What you will do →
From the data, return each line holding the word "regular".

Source material →
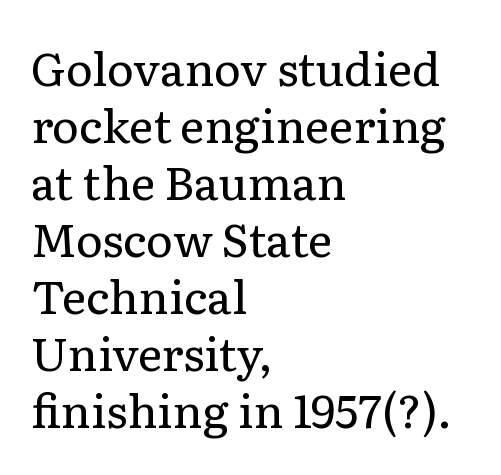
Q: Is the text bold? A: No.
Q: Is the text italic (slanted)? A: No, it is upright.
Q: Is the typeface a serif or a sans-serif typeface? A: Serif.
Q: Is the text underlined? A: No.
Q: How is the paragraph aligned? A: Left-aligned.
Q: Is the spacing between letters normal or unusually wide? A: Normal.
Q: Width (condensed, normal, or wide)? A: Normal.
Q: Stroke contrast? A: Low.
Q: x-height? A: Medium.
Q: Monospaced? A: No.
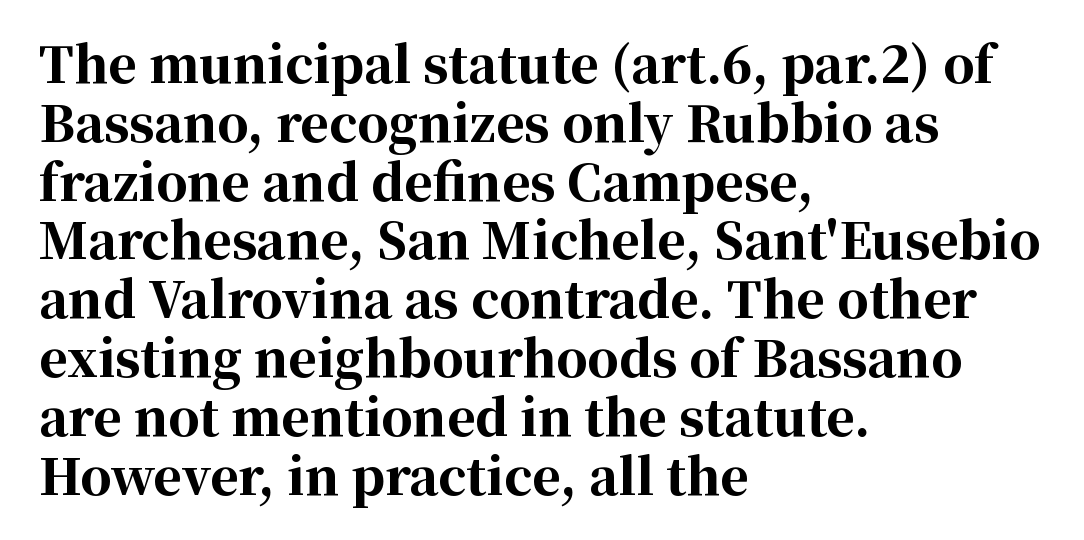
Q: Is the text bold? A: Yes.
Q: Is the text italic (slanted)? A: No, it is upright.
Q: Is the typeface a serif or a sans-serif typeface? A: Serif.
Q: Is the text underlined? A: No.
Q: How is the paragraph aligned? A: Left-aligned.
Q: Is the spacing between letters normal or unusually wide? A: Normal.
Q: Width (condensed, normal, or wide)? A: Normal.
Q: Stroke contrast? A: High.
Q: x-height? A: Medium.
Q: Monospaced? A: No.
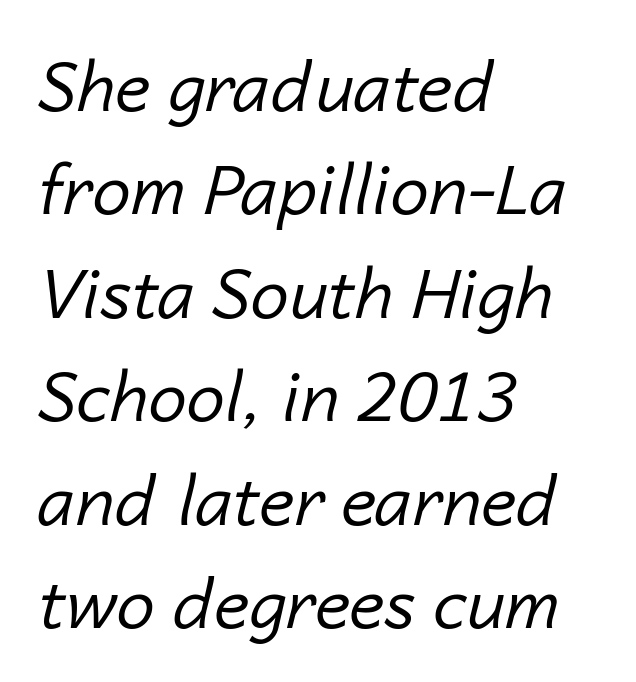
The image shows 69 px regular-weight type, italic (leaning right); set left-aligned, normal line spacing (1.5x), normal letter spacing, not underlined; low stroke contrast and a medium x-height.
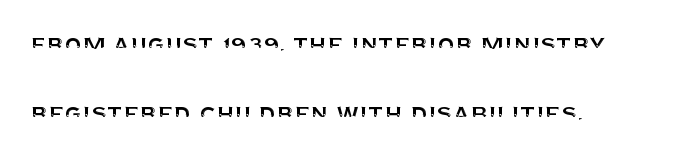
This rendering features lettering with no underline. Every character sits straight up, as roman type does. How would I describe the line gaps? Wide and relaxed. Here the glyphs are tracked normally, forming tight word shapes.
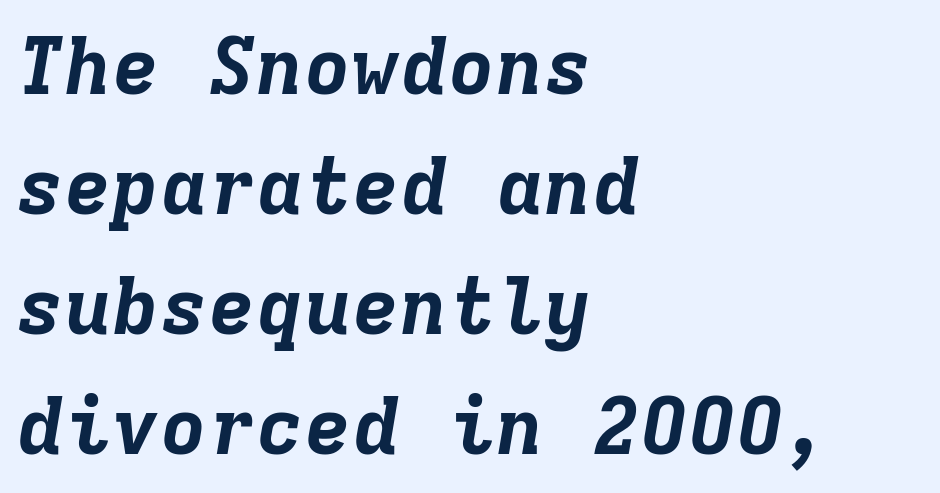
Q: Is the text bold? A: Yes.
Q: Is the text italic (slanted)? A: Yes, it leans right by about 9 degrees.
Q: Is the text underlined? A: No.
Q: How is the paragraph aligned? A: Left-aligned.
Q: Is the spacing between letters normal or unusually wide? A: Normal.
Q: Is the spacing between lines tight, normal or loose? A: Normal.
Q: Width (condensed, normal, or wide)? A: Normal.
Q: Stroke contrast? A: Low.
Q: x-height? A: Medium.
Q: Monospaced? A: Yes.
==
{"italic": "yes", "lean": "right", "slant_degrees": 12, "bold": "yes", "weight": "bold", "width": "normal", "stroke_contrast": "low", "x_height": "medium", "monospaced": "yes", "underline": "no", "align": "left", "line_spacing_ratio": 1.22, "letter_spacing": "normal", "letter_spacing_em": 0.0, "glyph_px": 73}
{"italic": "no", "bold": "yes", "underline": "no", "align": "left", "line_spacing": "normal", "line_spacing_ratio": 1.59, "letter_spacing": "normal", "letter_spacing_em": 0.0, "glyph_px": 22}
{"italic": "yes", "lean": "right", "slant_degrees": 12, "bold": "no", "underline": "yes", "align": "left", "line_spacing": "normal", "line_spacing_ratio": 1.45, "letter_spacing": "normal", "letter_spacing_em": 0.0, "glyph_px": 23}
---
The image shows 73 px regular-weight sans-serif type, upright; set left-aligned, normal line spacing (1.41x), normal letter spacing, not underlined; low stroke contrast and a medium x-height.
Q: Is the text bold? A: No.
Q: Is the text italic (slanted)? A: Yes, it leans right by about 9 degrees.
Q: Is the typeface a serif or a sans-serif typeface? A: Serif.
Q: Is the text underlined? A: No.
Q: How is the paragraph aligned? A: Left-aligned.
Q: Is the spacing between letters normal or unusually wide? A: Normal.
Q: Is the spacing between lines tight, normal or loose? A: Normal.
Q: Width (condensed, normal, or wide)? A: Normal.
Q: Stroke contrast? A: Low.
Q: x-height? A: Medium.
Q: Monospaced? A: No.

Problem solution →
The image shows 69 px regular-weight type, italic (leaning right); set left-aligned, normal line spacing (1.5x), normal letter spacing, not underlined; low stroke contrast and a medium x-height.
The image shows 73 px regular-weight sans-serif type, upright; set left-aligned, normal line spacing (1.41x), normal letter spacing, not underlined; low stroke contrast and a medium x-height.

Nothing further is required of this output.